Iranian pastor Fathi freed from prison
"We are so thankful to the Lord for his protection over Farshid while in prison," Middle East Concern said in a press release. "It is our hope that the Gospel will continue to spread throughout Iran."
Fathi was released Dec. 21 from Rajai Shahr prison, five months after prison authorities informed him he would be due for early release this month, although no reason for the early release has been reported. Previously, he was scheduled for release in December, 2017, after authorities arrested him Dec. 26, 2010 for "acting against national security through membership of a Christian organization, collection of funds, and propaganda against the Islamic Regime by helping spread Christianity in the country." Sixty other Christians were arrested on the same day in Tehran while worshipping in a house church. See related story.
The American Center for Law and Justice (ACLJ) also expressed thankfulness for Fathi's release.
"Fathi's release is a testament to the power of prayer and international pressure. After years of aggressive advocacy from many players on the international stage, Pastor Farshid Fathi will get to spend this Christmas with his family," ACLJ said in a statement posted on its website. "Fathi's release also reminds us of the importance of our continued efforts to free the 91 other Christians who are imprisoned for their faith in Iran." Fathi has a wife and two children.

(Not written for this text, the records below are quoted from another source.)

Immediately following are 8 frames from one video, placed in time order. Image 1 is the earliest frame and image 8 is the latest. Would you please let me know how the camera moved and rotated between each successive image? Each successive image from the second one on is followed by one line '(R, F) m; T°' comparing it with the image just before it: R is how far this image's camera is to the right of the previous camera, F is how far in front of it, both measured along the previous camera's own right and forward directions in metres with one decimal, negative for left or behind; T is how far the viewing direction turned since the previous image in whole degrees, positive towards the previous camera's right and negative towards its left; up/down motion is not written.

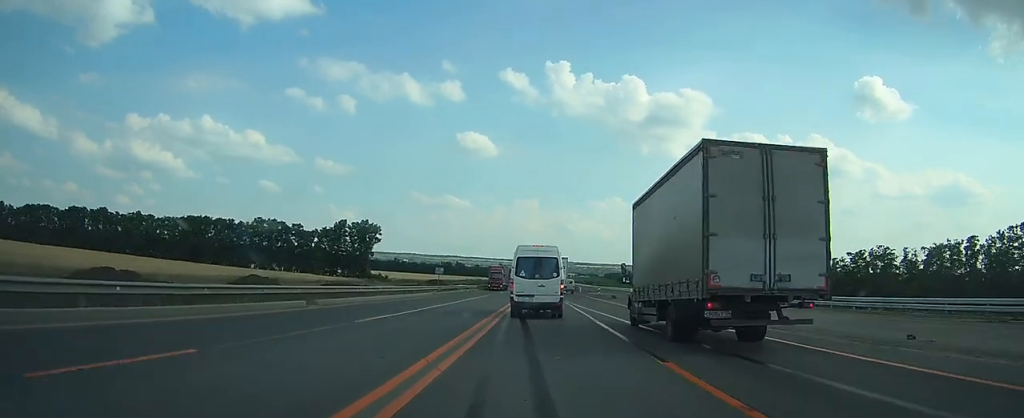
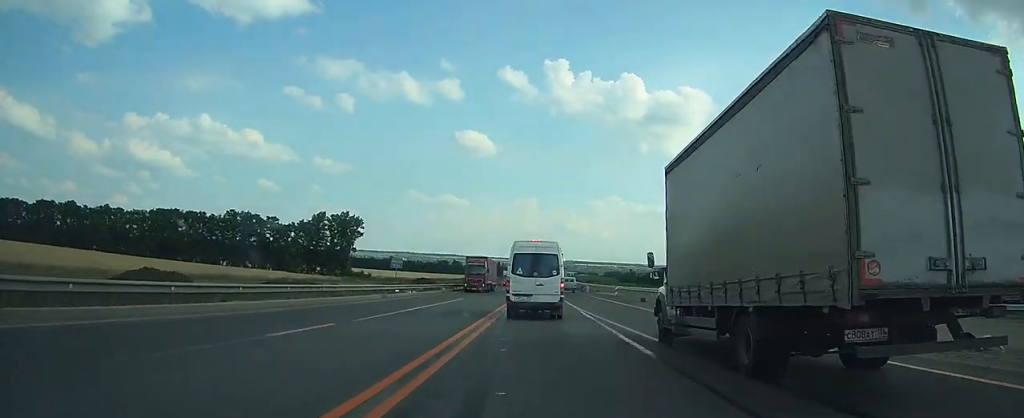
(0.0, +18.0) m; 0°
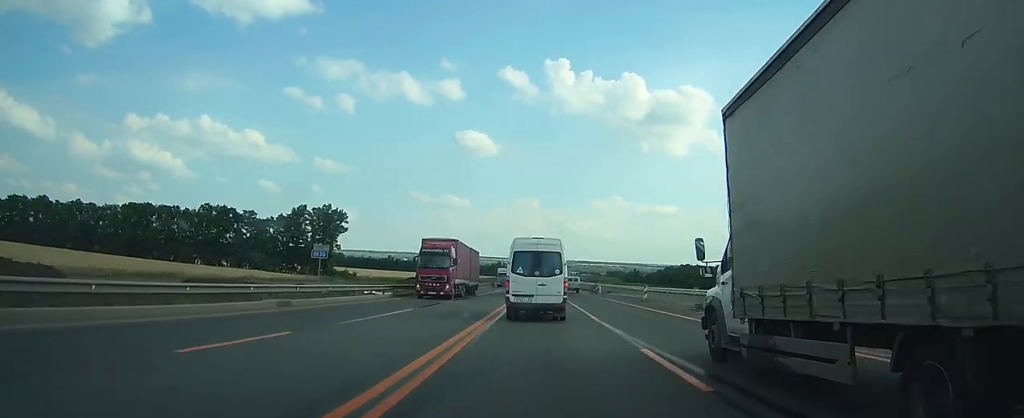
(0.0, +15.9) m; 0°
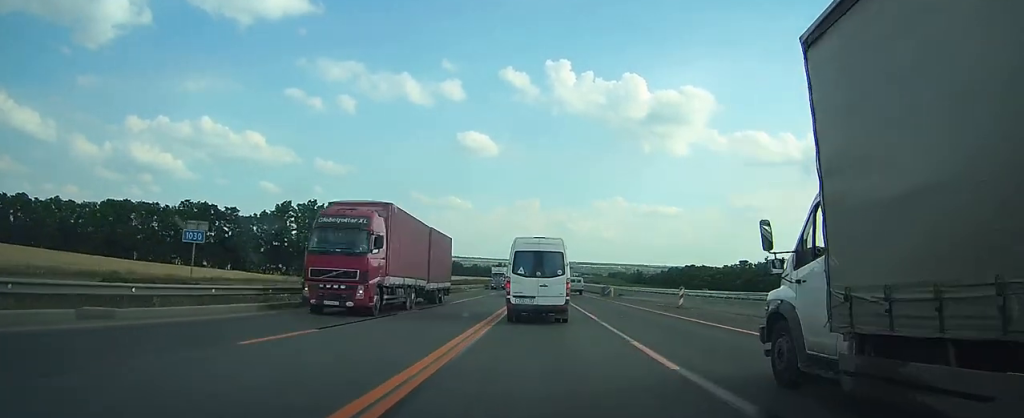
(0.0, +11.4) m; 0°
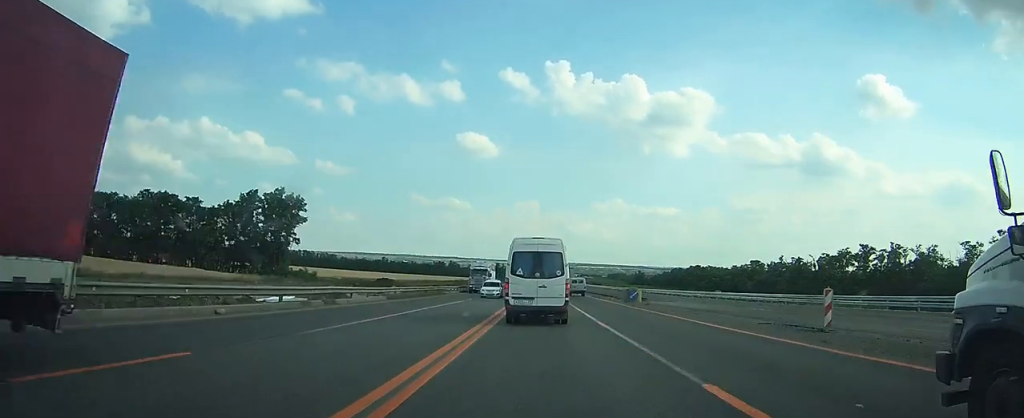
(0.0, +18.9) m; 0°
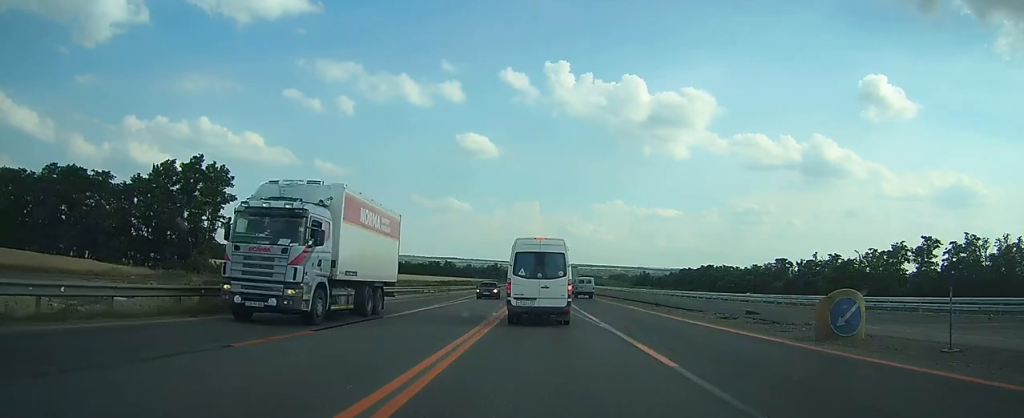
(-0.1, +33.2) m; 0°
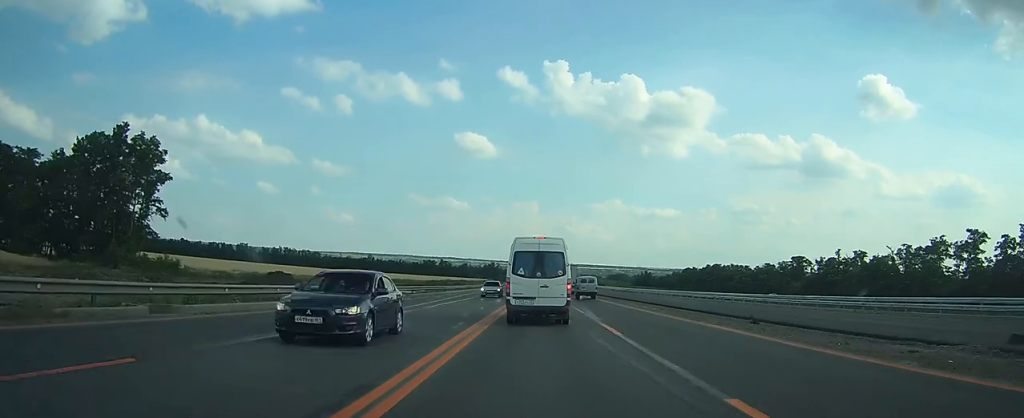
(+0.1, +19.1) m; 0°
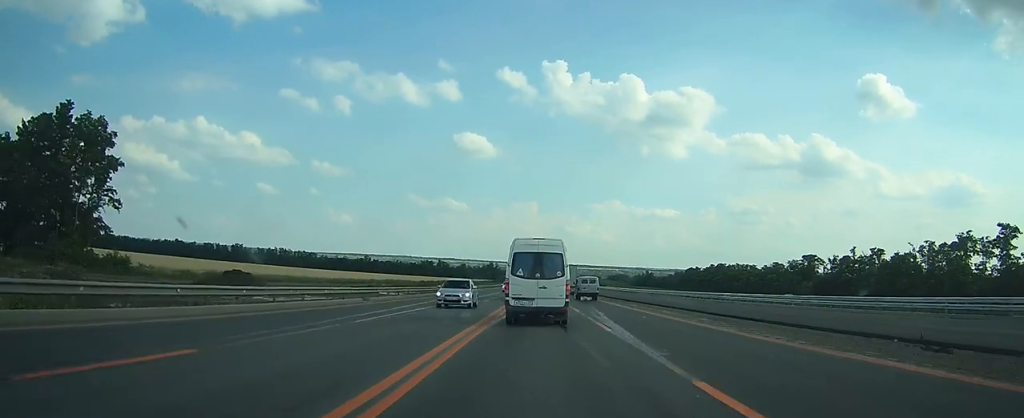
(0.0, +11.0) m; 0°
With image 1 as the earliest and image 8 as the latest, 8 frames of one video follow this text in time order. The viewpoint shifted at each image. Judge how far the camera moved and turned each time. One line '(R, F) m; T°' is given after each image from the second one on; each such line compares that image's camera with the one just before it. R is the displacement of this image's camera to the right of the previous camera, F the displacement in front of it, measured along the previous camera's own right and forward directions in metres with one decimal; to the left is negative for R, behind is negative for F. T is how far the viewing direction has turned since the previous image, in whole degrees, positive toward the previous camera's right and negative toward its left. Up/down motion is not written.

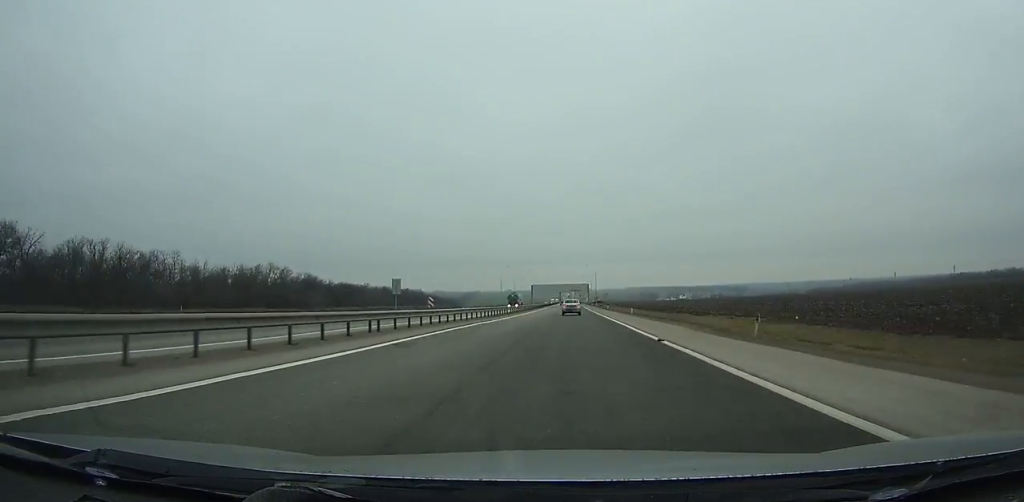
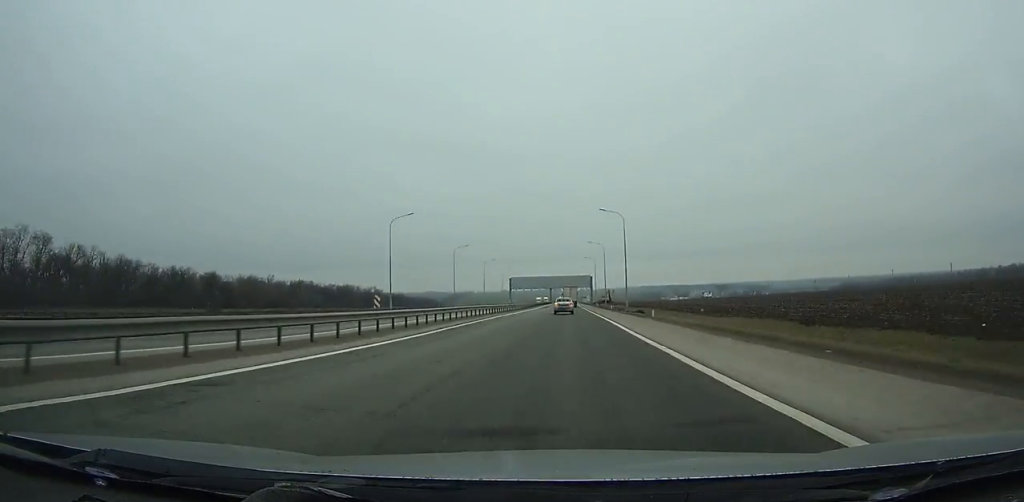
(+0.2, +105.4) m; 0°
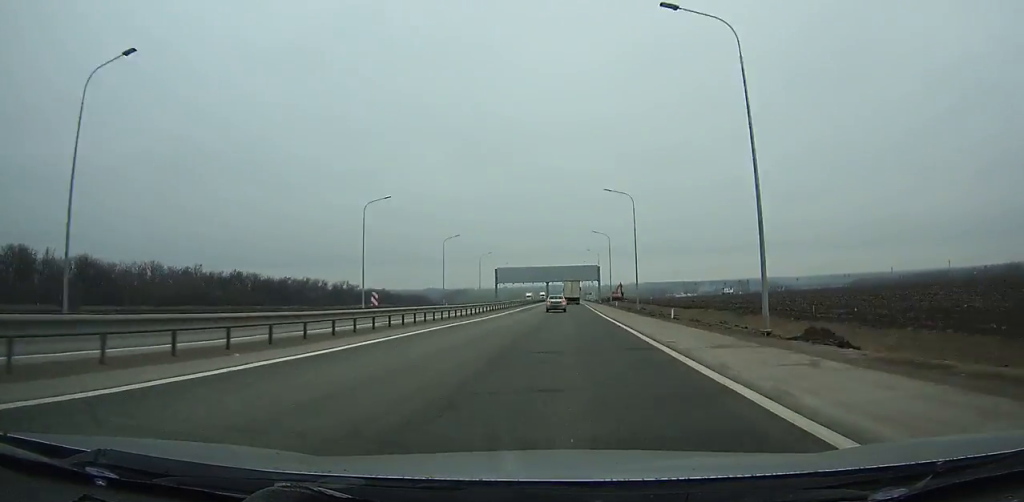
(0.0, +49.4) m; 0°
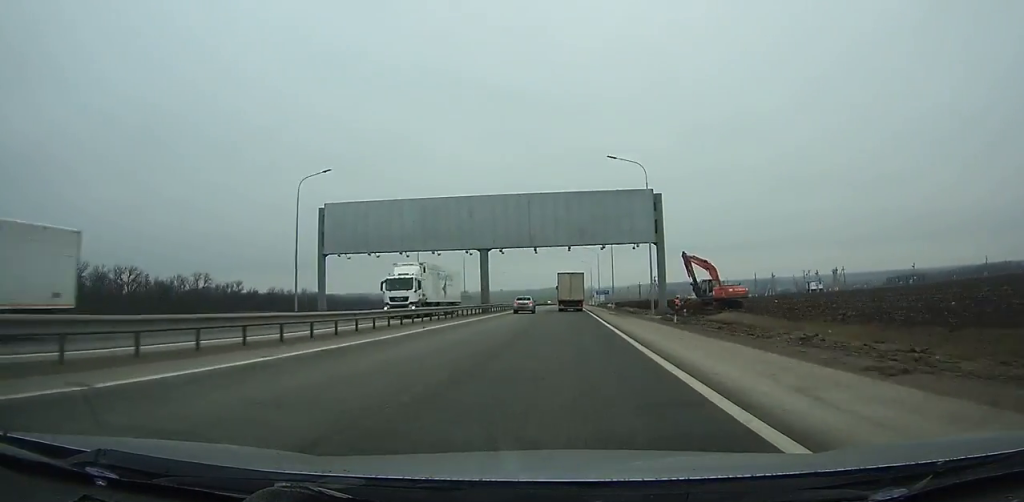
(0.0, +133.3) m; -1°
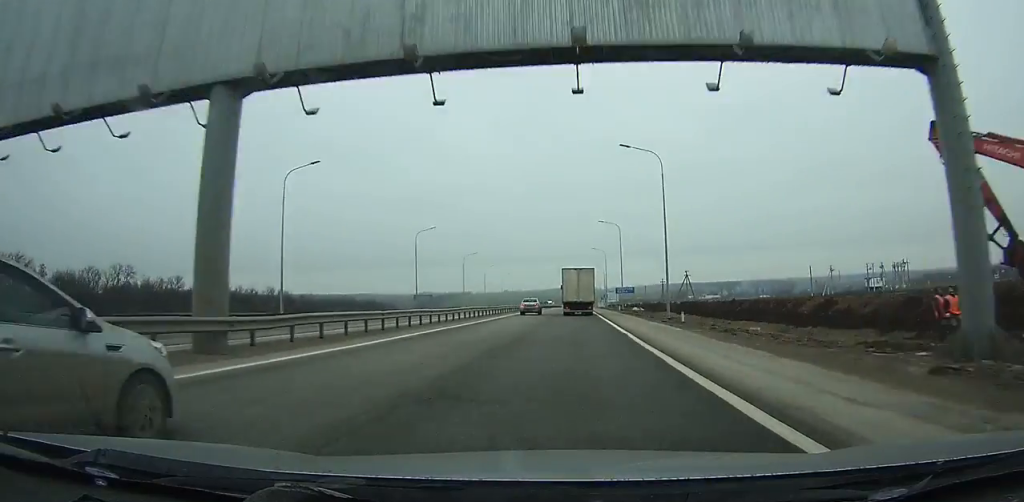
(0.0, +44.8) m; 0°
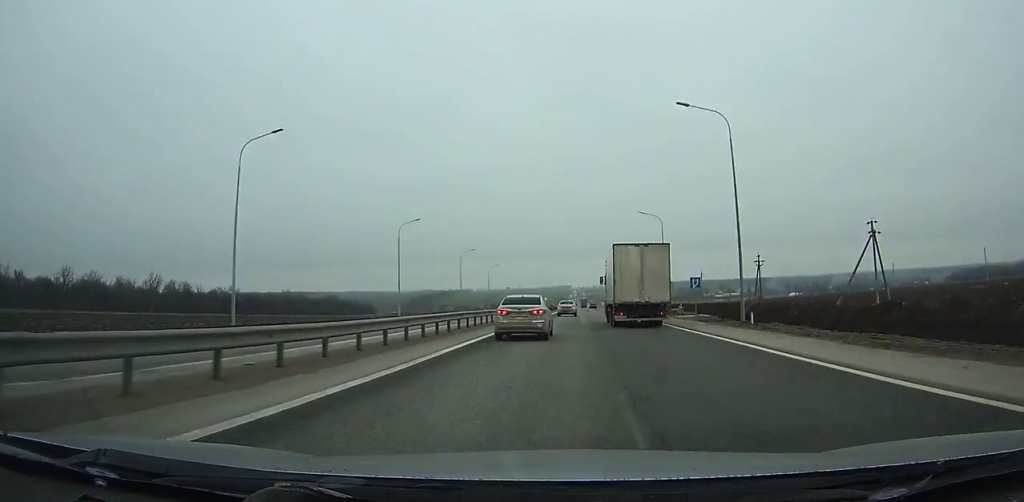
(-0.8, +91.7) m; 0°
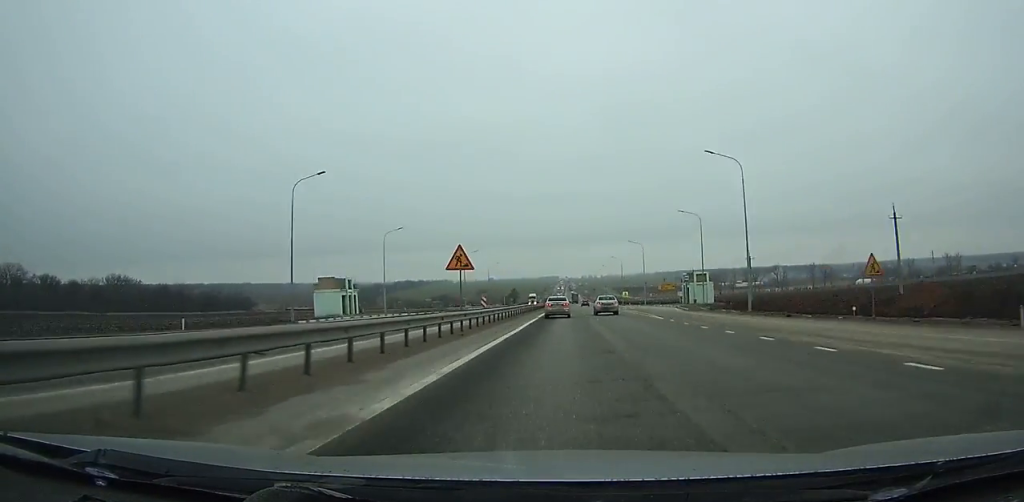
(+2.0, +185.1) m; +1°
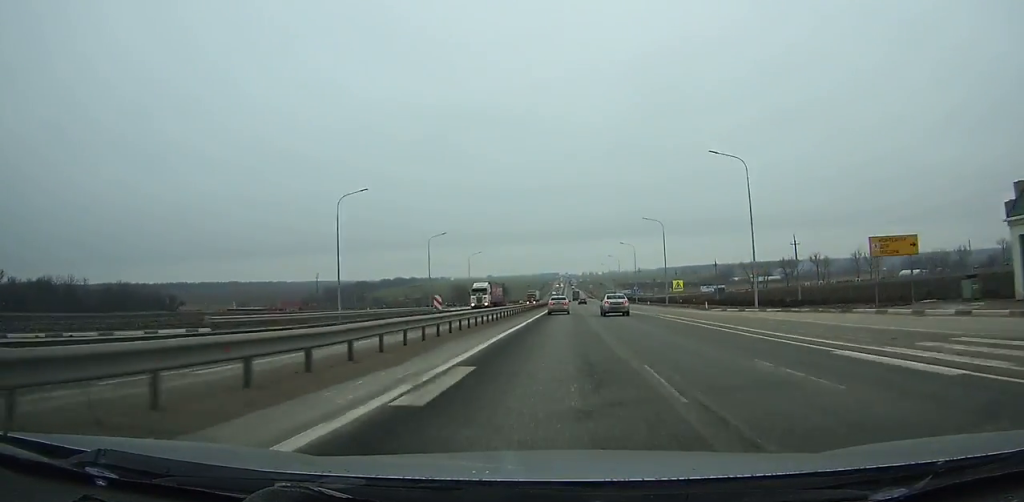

Fathi's original sentence of six years was extended by a year in December 2014 on false charges. He had been injured in an attack by Evin prison guards on April 17, 2014, and was transferred to the Rajai Shahr prison in August 2014 for unknown reasons.
In the attack on April 2014, the Thursday before Easter, an officer broke Fathi's foot and toe and denied him medical treatment until Easter Sunday. With his foot in a cast, Fathi sent a message of forgiveness to Christians praying for his safety.
"Of course, we forgive them for all they have done to us because we are the followers of the One who says, 'Father, please forgive them because they don't know what they are doing,'" Fathi wrote, according to a letter posted on Elam Ministries' website. "So my dear friends, please in these days pray for me that I may know Him and be found in Him and the power of resurrection."
Still imprisoned in Iran is American pastor Saeed Abedini, serving an eight-year sentence since January 2013 on charges he threatened national security by planting house churches in Iran years earlier. He had been under house arrest there since July 2012.
His wife Naghmeh Abedini, living in their Boise, Idaho home with their two children, had advocated widely for his release until she revealed in emails to friends that he had abused her during their marriage -- a message for which she subsequently expressed regret. In November, she announced she was taking a break from public advocacy to spend time with her children, but she began posting new messages to her Facebook page Dec. 7, this time mentioning "dark parts" of their marriage." See related story.
"The truth is that I still love my husband more than ever and my advocacy for him has taken a new form of interceding on my knees. The truth is I cannot deny Saeed's love and passion for Jesus and that he continues to suffer in the Iranian prison because of his genuine love for Jesus and his refusal to deny Him," she wrote on Facebook. "I cannot deny the amazing dad he has been to our kids and the spiritual truths he poured into their life until the moment he was arrested. But at the same time I cannot deny the very dark parts of our marriage and serious issues Saeed continues to struggle with."
She continues to request prayer for her husband's release.
The ACLJ said in November that Abedini remains in danger in prison.
"We know that Pastor Saeed remains in grave danger in prison where he continues to be beaten and psychologically abused by Iranian guards and remains in need of medical care," the ACLJ said. "We continue to pray for Naghmeh, Pastor Saeed, and their family. We will continue our work -- in this country and abroad -- to secure the freedom of this U.S. citizen."